§ WORK INSTRUCTION
Filter the records for lines holding the string "gradientUnits".

§ AVAILABLE DATA

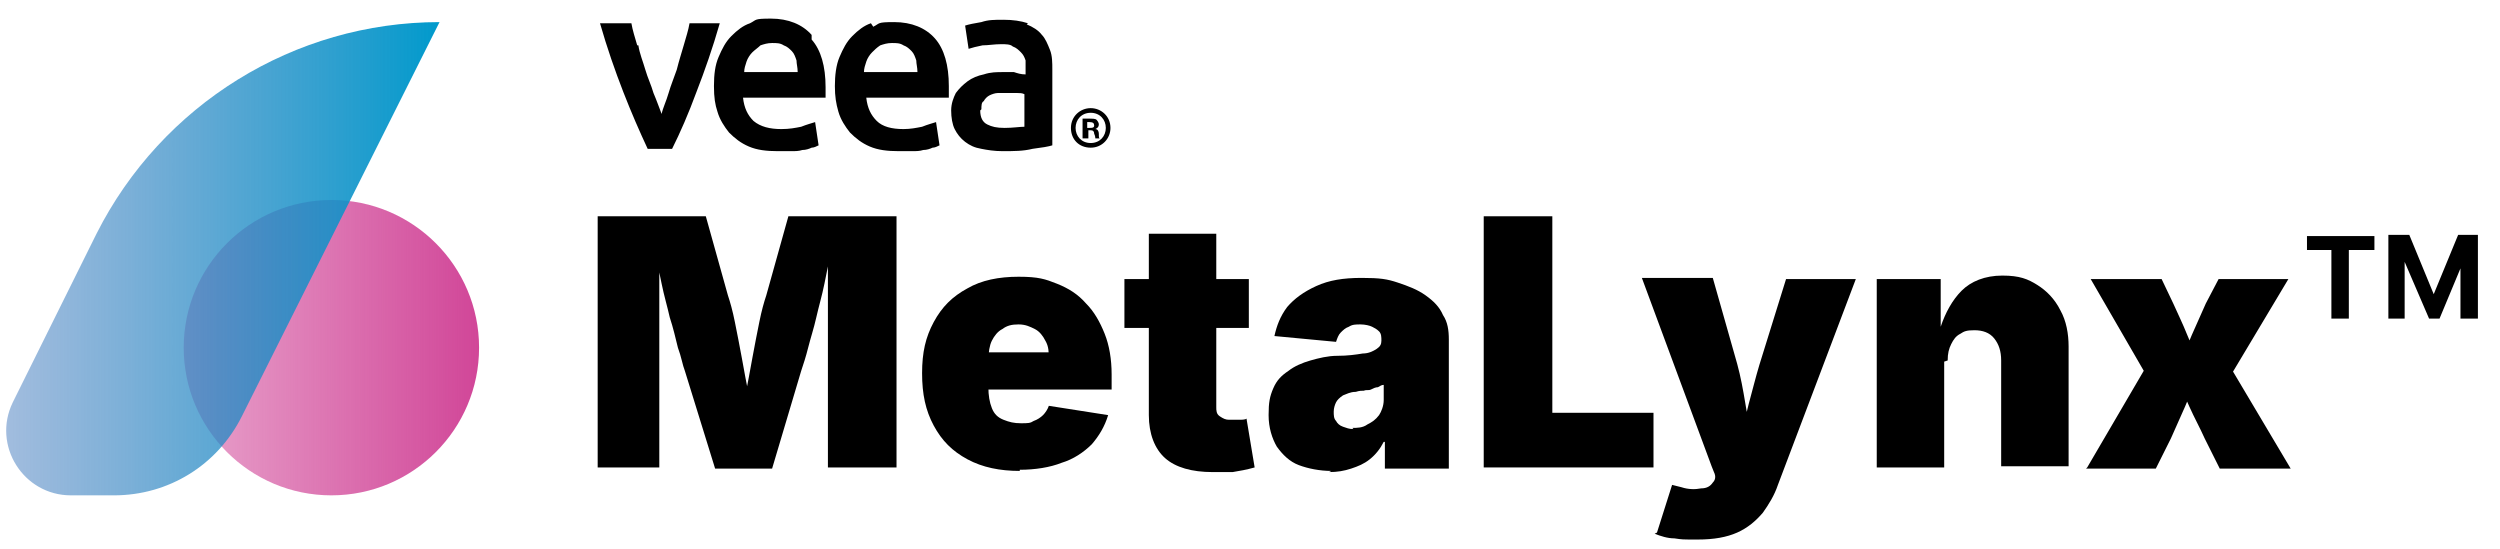<?xml version="1.0" encoding="UTF-8"?>
<svg id="Layer_1" xmlns="http://www.w3.org/2000/svg" xmlns:xlink="http://www.w3.org/1999/xlink" version="1.1" viewBox="0 0 215 47.2">
  <!-- Generator: Adobe Illustrator 29.6.0, SVG Export Plug-In . SVG Version: 2.1.1 Build 207)  -->
  <defs>
    <style>
      .st0 {
        fill: url(#linear-gradient1);
      }

      .st1 {
        fill: url(#linear-gradient);
      }
    </style>
    <linearGradient id="linear-gradient" x1="15.8" y1="29.9" x2="41.2" y2="29.9" gradientUnits="userSpaceOnUse">
      <stop offset="0" stop-color="#d14698" stop-opacity=".5"/>
      <stop offset="1" stop-color="#d14698"/>
    </linearGradient>
    <linearGradient id="linear-gradient1" x1=".5" y1="22.3" x2="37.8" y2="22.3" gradientUnits="userSpaceOnUse">
      <stop offset="0" stop-color="#457abd" stop-opacity=".5"/>
      <stop offset="1" stop-color="#009acc"/>
    </linearGradient>
  </defs>
  <g>
    <path d="M54.8,3.9c-.2-.7-.4-1.3-.5-1.9h-2.7c.6,2.1,1.3,4.1,2,5.9.7,1.8,1.4,3.4,2.1,4.9h2.1c.7-1.4,1.4-3,2.1-4.9.7-1.8,1.4-3.8,2-5.9h-2.6c-.1.6-.3,1.2-.5,1.9-.2.7-.4,1.3-.6,2.1-.2.6-.5,1.3-.7,2-.2.7-.5,1.3-.6,1.8-.2-.5-.4-1.1-.7-1.8-.2-.7-.5-1.3-.7-2-.2-.7-.5-1.4-.6-2.1M74.9,2c-.6.2-1.1.6-1.6,1.1-.5.5-.8,1.1-1.1,1.8-.3.7-.4,1.6-.4,2.5s.1,1.5.3,2.2c.2.7.6,1.3,1,1.8.5.5,1,.9,1.7,1.2.7.3,1.5.4,2.5.4s.7,0,1.1,0c.4,0,.7,0,1-.1.3,0,.6-.1.8-.2.2,0,.4-.1.6-.2l-.3-2c-.3.1-.7.2-1.2.4-.5.1-1,.2-1.6.2-1,0-1.8-.2-2.3-.7-.5-.5-.8-1.1-.9-2h7.1c0,0,0-.2,0-.5v-.5c0-1.8-.4-3.2-1.2-4.1-.8-.9-2-1.4-3.5-1.4s-1.2.1-1.8.4M77.7,3.9c.3.1.5.3.7.5.2.2.3.5.4.8,0,.3.1.6.1,1h-4.6c0-.3.1-.6.2-.9.1-.3.3-.6.5-.8.2-.2.4-.4.7-.6.3-.1.6-.2,1-.2.4,0,.7,0,1,.2M69.8,3c-.8-.9-2-1.4-3.5-1.4s-1.2.1-1.8.4c-.6.2-1.1.6-1.6,1.1-.5.5-.8,1.1-1.1,1.8-.3.7-.4,1.5-.4,2.5s.1,1.6.3,2.2c.2.7.6,1.3,1,1.8.5.5,1,.9,1.7,1.2.7.3,1.5.4,2.5.4s.7,0,1.1,0c.4,0,.7,0,1-.1.3,0,.6-.1.8-.2.2,0,.4-.1.6-.2l-.3-2c-.3.1-.7.2-1.2.4-.5.1-1,.2-1.7.2-1,0-1.8-.2-2.4-.7-.5-.5-.8-1.1-.9-2h7.1v-.9c0-1.8-.4-3.2-1.2-4.1M66.4,3.7c.4,0,.7,0,1,.2.3.1.5.3.7.5.2.2.3.5.4.8,0,.3.1.6.1,1h-4.6c0-.3.1-.6.2-.9.1-.3.3-.6.5-.8.2-.2.5-.4.7-.6.3-.1.6-.2,1-.2M88.4,2c-.6-.2-1.3-.3-2.1-.3s-1.3,0-1.9.2c-.6.1-1.1.2-1.4.3l.3,2c.3-.1.7-.2,1.2-.3.5,0,1-.1,1.6-.1.4,0,.8,0,1,.2.3.1.5.3.7.5.2.2.3.4.4.7,0,.3,0,.5,0,.8v.4c-.4,0-.7-.1-1-.2-.3,0-.6,0-.9,0-.6,0-1.1,0-1.7.2-.5.1-1,.3-1.4.6-.4.3-.7.6-1,1-.2.4-.4.9-.4,1.5s.1,1.2.3,1.6c.2.4.5.8.9,1.1.4.3.8.5,1.4.6.5.1,1.1.2,1.8.2,1,0,1.8,0,2.6-.2.8-.1,1.4-.2,1.7-.3v-6.5c0-.6,0-1.2-.2-1.7-.2-.5-.4-1-.7-1.3-.3-.4-.8-.7-1.3-.9M84.4,9.4c0-.3,0-.6.2-.7.1-.2.3-.4.5-.5.2-.1.5-.2.7-.2.3,0,.6,0,.8,0,.3,0,.6,0,.9,0,.2,0,.4,0,.6.1v2.8c-.4,0-1,.1-1.7.1s-1.1-.1-1.5-.3c-.4-.2-.6-.6-.6-1.2Z"/>
    <path d="M95.5,11c0,.9-.7,1.7-1.7,1.7s-1.7-.7-1.7-1.7.8-1.7,1.7-1.7,1.7.7,1.7,1.7ZM92.5,11c0,.7.5,1.3,1.3,1.3s1.3-.6,1.3-1.3-.5-1.3-1.3-1.3-1.3.6-1.3,1.3ZM93.5,11.9h-.4v-1.7c.2,0,.4,0,.6,0s.5,0,.6.1c0,0,.2.2.2.4s-.1.3-.3.4h0c.2,0,.3.2.3.4,0,.3,0,.4.1.4h-.4c0,0,0-.2-.1-.4,0-.2-.1-.3-.3-.3h-.2v.7ZM93.5,11h.2c.2,0,.4,0,.4-.2s-.1-.3-.4-.3-.2,0-.2,0v.5Z"/>
  </g>
  <g>
    <path d="M51.4,40.2v-21.6h9.3l1.9,6.8c.2.6.4,1.3.6,2.3s.4,2,.6,3.1c.2,1.1.4,2.2.6,3.2.2,1,.3,1.9.4,2.6h-1.1c0-.7.2-1.6.4-2.6.2-1,.4-2.1.6-3.2s.4-2.1.6-3.1c.2-1,.4-1.7.6-2.3l1.9-6.8h9.3v21.6h-5.9v-8.4c0-.5,0-1.1,0-2,0-.8,0-1.7,0-2.7,0-1,0-2,0-2.9,0-1,0-1.9,0-2.7h.3c-.2.9-.4,1.9-.6,2.9-.2,1-.5,2-.7,2.9-.2.9-.5,1.8-.7,2.6-.2.8-.4,1.4-.6,2l-2.5,8.4h-4.9l-2.6-8.4c-.2-.5-.3-1.2-.6-2-.2-.8-.4-1.7-.7-2.6-.2-.9-.5-1.9-.7-2.9-.2-1-.4-1.9-.6-2.9h.4c0,.8,0,1.7,0,2.7,0,1,0,2,0,2.9,0,1,0,1.9,0,2.7,0,.8,0,1.5,0,2v8.4h-5.9Z"/>
    <path d="M87.7,40.5c-1.7,0-3.2-.3-4.5-1-1.3-.7-2.2-1.6-2.9-2.9s-1-2.7-1-4.5.3-3.1,1-4.4c.7-1.3,1.6-2.2,2.9-2.9,1.2-.7,2.7-1,4.4-1s2.3.2,3.3.6c1,.4,1.8.9,2.5,1.7.7.7,1.2,1.6,1.6,2.6.4,1,.6,2.2.6,3.5v1.3h-14.5v-3.2h11.8l-2.7.7c0-.7,0-1.2-.3-1.7-.2-.4-.5-.8-.9-1-.4-.2-.8-.4-1.4-.4s-1,.1-1.4.4c-.4.2-.7.6-.9,1s-.3,1-.3,1.7v2.3c0,.7.1,1.3.3,1.8.2.5.5.8,1,1s.9.3,1.5.3.8,0,1.1-.2c.3-.1.6-.3.8-.5.2-.2.4-.5.5-.8l5.1.8c-.3,1-.8,1.8-1.4,2.5-.7.7-1.6,1.3-2.6,1.6-1,.4-2.3.6-3.6.6Z"/>
    <path d="M107.4,24v4.2h-10.7v-4.2h10.7ZM98.8,20.1h5.8v14.9c0,.3,0,.6.3.8s.5.3.8.3.4,0,.8,0c.3,0,.6,0,.7-.1l.7,4.2c-.7.2-1.3.3-1.9.4-.6,0-1.1,0-1.7,0-1.8,0-3.2-.4-4.1-1.2s-1.4-2.1-1.4-3.7v-15.4Z"/>
    <path d="M114.5,40.5c-1,0-2-.2-2.8-.5-.8-.3-1.4-.9-1.9-1.6-.4-.7-.7-1.6-.7-2.7s.1-1.6.4-2.3.7-1.1,1.3-1.5c.5-.4,1.2-.7,1.9-.9.7-.2,1.5-.4,2.3-.4.9,0,1.6-.1,2.2-.2.5,0,.9-.2,1.2-.4s.4-.4.4-.7h0c0-.3,0-.6-.2-.8s-.4-.3-.6-.4-.6-.2-1-.2-.7,0-1,.2c-.3.1-.5.3-.7.5-.2.2-.3.5-.4.8l-5.3-.5c.2-.9.5-1.7,1.1-2.5.6-.7,1.4-1.3,2.5-1.8s2.3-.7,3.9-.7,2.2.1,3.1.4,1.7.6,2.4,1.1c.7.5,1.2,1,1.5,1.7.4.6.5,1.3.5,2.1v11.1h-5.5v-2.3h-.1c-.3.6-.7,1.1-1.2,1.5-.5.4-1,.6-1.6.8s-1.2.3-1.9.3ZM116.3,36.8c.4,0,.9,0,1.3-.3.4-.2.7-.4,1-.8.2-.3.4-.8.4-1.3v-1.3c-.2,0-.3.1-.5.2-.2,0-.4.1-.6.2s-.4,0-.6.1c-.2,0-.4,0-.7.1-.5,0-.8.2-1.1.3-.3.2-.5.4-.6.6-.1.2-.2.5-.2.8s0,.6.2.8c.1.2.3.4.6.5.3.1.5.2.9.2Z"/>
    <path d="M127.6,40.2v-21.6h5.9v16.9h8.7v4.7h-14.6Z"/>
    <path d="M142.5,45.8l1.3-4.1.8.2c.6.2,1.2.2,1.7.1.5,0,.8-.2,1-.5.2-.2.3-.5.1-.9l-.2-.5-6-16.2h6.1l2.1,7.4c.3,1.1.5,2.2.7,3.4.2,1.1.4,2.4.6,3.7h-1.1c.3-1.4.5-2.6.8-3.7s.6-2.3.9-3.3l2.3-7.4h6l-6.7,17.7c-.3.9-.8,1.7-1.3,2.4-.6.7-1.3,1.3-2.2,1.7-.9.4-2,.6-3.4.6s-1.3,0-2-.1c-.6,0-1.2-.2-1.7-.4Z"/>
    <path d="M167.2,31.1v9.1h-5.8v-16.2h5.5v4.1c.1,0,0,0,0,0,.4-1.2,1-2.3,1.8-3.1.8-.8,2-1.3,3.5-1.3s2.2.3,3,.8c.8.5,1.5,1.2,2,2.2.5.9.7,2,.7,3.1v10.3h-5.8v-9.1c0-.8-.2-1.4-.6-1.9s-1-.7-1.7-.7-.9.1-1.2.3c-.4.2-.6.5-.8.9-.2.4-.3.8-.3,1.4Z"/>
    <path d="M179.5,40.2l6.2-10.6v4.6l-5.9-10.2h6.1l1,2.1c.4.9.8,1.7,1.2,2.7.4.9.7,1.8,1.1,2.7h-1.9c.4-.9.8-1.7,1.2-2.7.4-.9.8-1.8,1.2-2.7l1.1-2.1h6l-6.1,10.2v-4.5l6.3,10.6h-6.1l-1.3-2.6c-.4-.9-.9-1.8-1.3-2.7-.4-.9-.8-1.8-1.2-2.7h1.9c-.4.9-.7,1.8-1.1,2.7-.4.9-.8,1.8-1.2,2.7l-1.3,2.6h-6Z"/>
    <path d="M198.4,21.5v-1.2h5.8v1.2h-5.8ZM200.5,27.4v-6.6h1.5v6.6h-1.5ZM205.4,27.4v-7.2h1.4v7.2h-1.4ZM208.9,27.4l-3.1-7.2h1.4l2.1,5.1,2.1-5.1h1.4l-3,7.2h-.8ZM211.6,27.4v-7.2h1.5v7.2h-1.5Z"/>
  </g>
  <circle class="st1" cx="28.5" cy="29.9" r="12.7"/>
  <path class="st0" d="M9.9,42.6h-3.8c-4.1,0-6.8-4.3-5-8l7.2-14.5C13.9,9,25.3,1.9,37.8,1.9h0l-17,33.9c-2.1,4.2-6.3,6.8-11,6.8Z"/>
</svg>

§ ANSWER SPACE
    <linearGradient id="linear-gradient" x1="15.8" y1="29.9" x2="41.2" y2="29.9" gradientUnits="userSpaceOnUse">
    <linearGradient id="linear-gradient1" x1=".5" y1="22.3" x2="37.8" y2="22.3" gradientUnits="userSpaceOnUse">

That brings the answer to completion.